Indeed, they would have blamed him. Plus, Trump is running such an emotional campaign that he would have turned people against the ever-rational Romney. If fact, Mitt’s approval rating tanked after the speech he gave saying that Trump was unfit to be president. People were already charged up for Trump, and they like him very much. What was interesting was that they were charged up over immigration mostly, which was a key concern in Romney’s own campaign. It’s as if no one ever heard him.
This is one strange election.
Should be required questions of Congress before any “resolution of use of force” is brought before them. Hell, should be asked before ANY war. I’m not reflexively anti-war the way a , say, Justin Raimondo is. But I’ve become much more cynical about fighting wars as I’ve gotten older. Even when you win, results are never clean cut and there are consequences you’re gonna hate coming down the road.
I was not excited by Trump, but I disapproved of Mitt’s statement regarding him. Like Ted Cruz at the convention and Mike Lee during the roll call, I thought it was unseemly and bad form. In Mitt’s case, it was especially unattractive in contrast to Mitt’s suckupathon speech in 2012 as he accepted Trump’s support (and money).
Many probably are.
In situations like this armed groups, and even governments, routinely restrict the departure of civilians from besieged conflict zones in order to make it harder for their opponents to bomb them dead – in this age where the consequences are almost immediately videoed and uploaded and shown on the nightly news of the great and the good and the rich civilians are a ruthlessly used as shields.
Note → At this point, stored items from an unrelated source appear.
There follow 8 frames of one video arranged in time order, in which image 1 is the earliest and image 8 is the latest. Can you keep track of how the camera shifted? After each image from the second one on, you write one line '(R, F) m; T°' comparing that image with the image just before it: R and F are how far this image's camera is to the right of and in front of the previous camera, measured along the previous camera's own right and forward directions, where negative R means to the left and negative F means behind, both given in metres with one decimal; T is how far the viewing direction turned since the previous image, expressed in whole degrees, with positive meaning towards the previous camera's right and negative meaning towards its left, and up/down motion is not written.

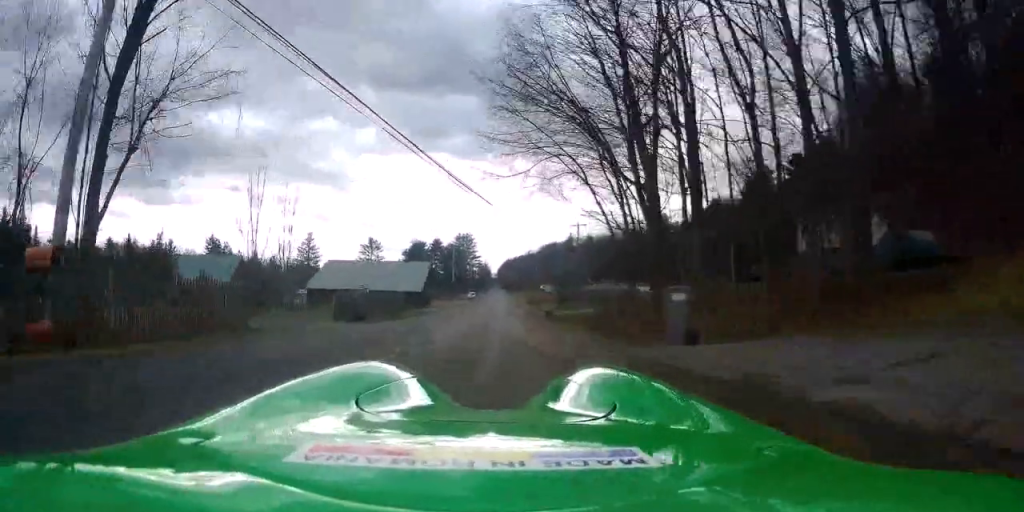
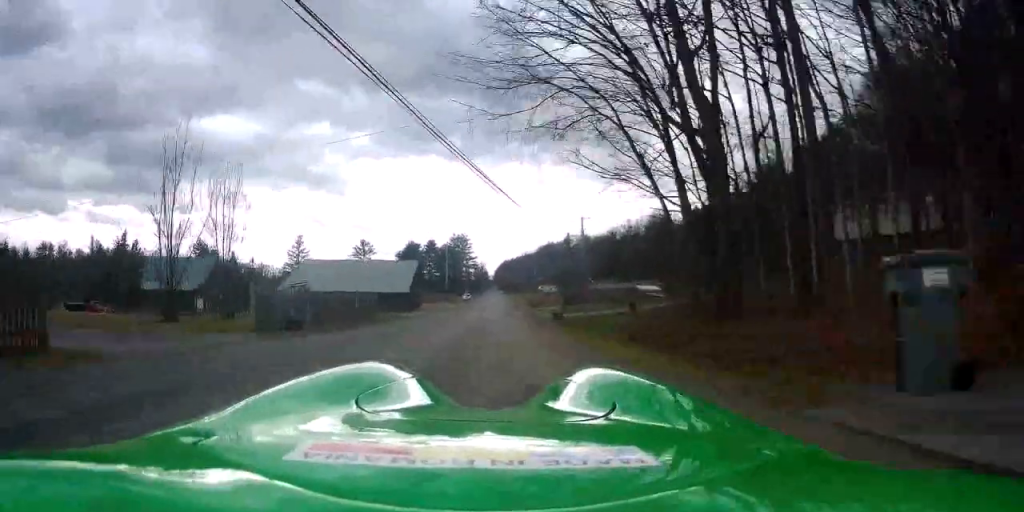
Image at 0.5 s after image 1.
(-0.2, +7.6) m; -1°
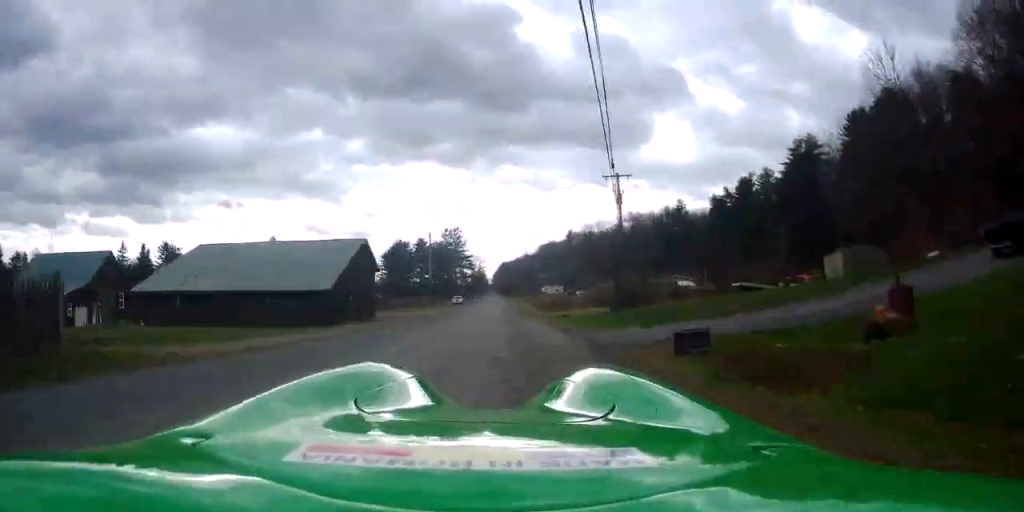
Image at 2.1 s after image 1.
(+0.3, +24.3) m; +1°
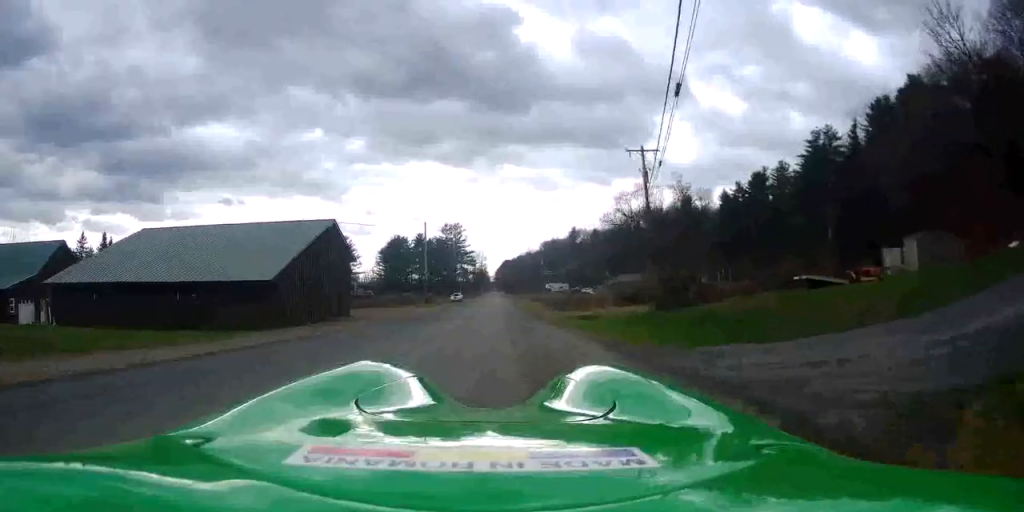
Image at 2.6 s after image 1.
(+0.1, +8.4) m; 0°
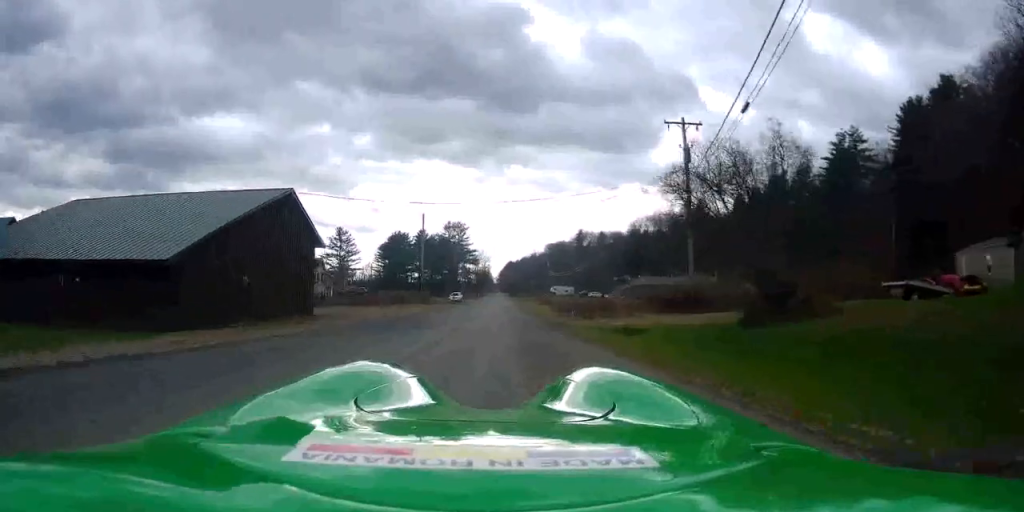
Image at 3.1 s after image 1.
(-0.1, +7.8) m; -1°
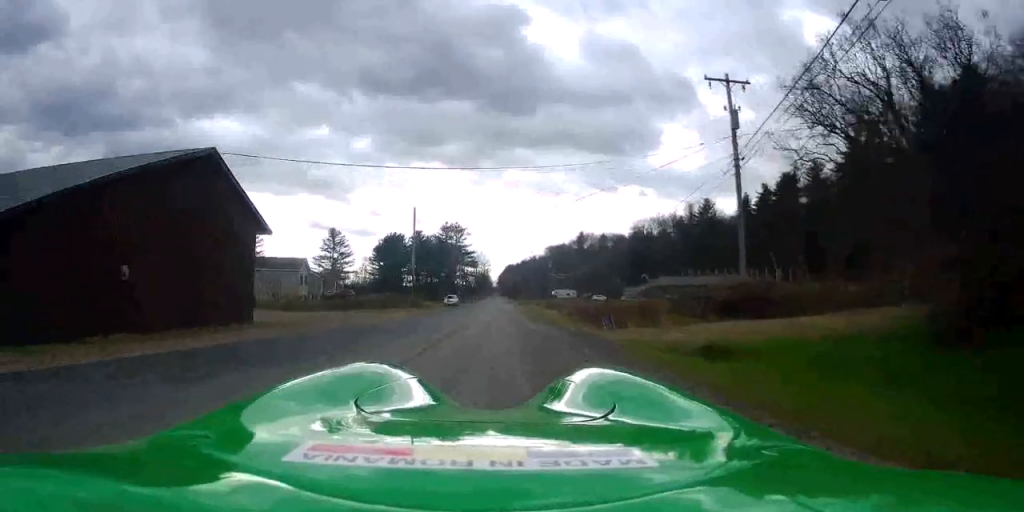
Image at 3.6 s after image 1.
(0.0, +7.2) m; -1°
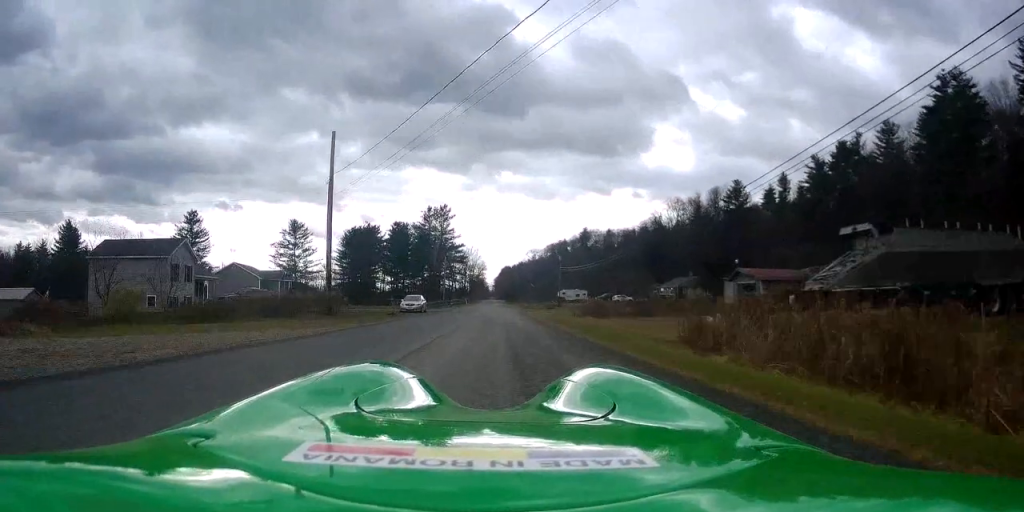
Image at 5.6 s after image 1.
(+0.4, +32.3) m; +1°
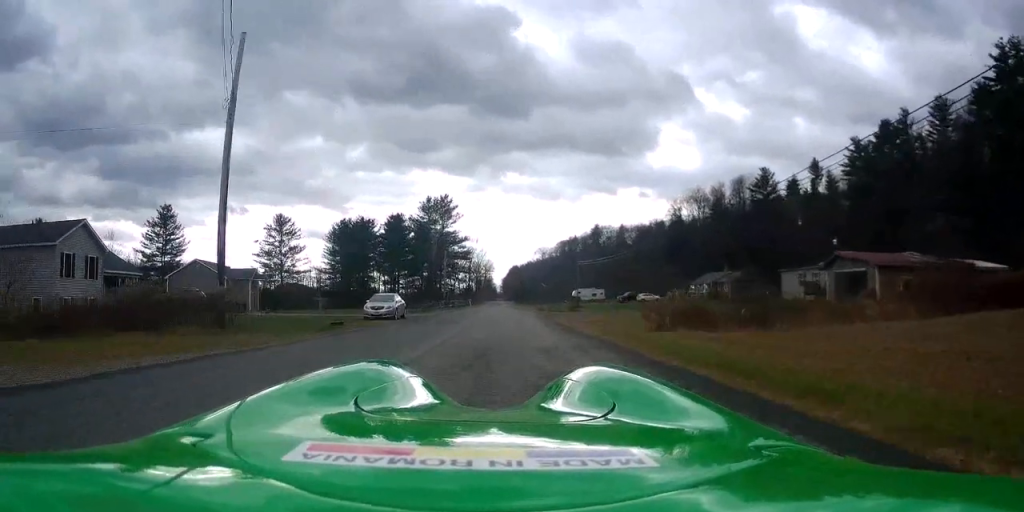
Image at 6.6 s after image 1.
(-0.3, +15.3) m; -2°

Examples that easily come to mind: Sarajevo, the end of the Eelam war in Sri Lanka, anywhere ISIS takes over, many besieged parts of Syria and now Aleppo.
Claire,
I am afraid I’m going to agree with BDB here. The Obama-Clinton-Kerry foreign policy was both corrupt and stupid from its inception. You are suffering from Putin derangement syndrome. I was the one willing to fly 50 A10s to the Kiev airport and park them there. (It’s just amazing what A10s could do to a panzer thrust.) That would have settled Putin’s ass down immediately and we could have moved on to other things. With the Obama ZERO foreign policy nothing gets done but more words and meaningless photo-ops. The recent cease-fire is a perfect example. Great photo-op but they forgot to stop shooting. Gosh, I never would have guessed.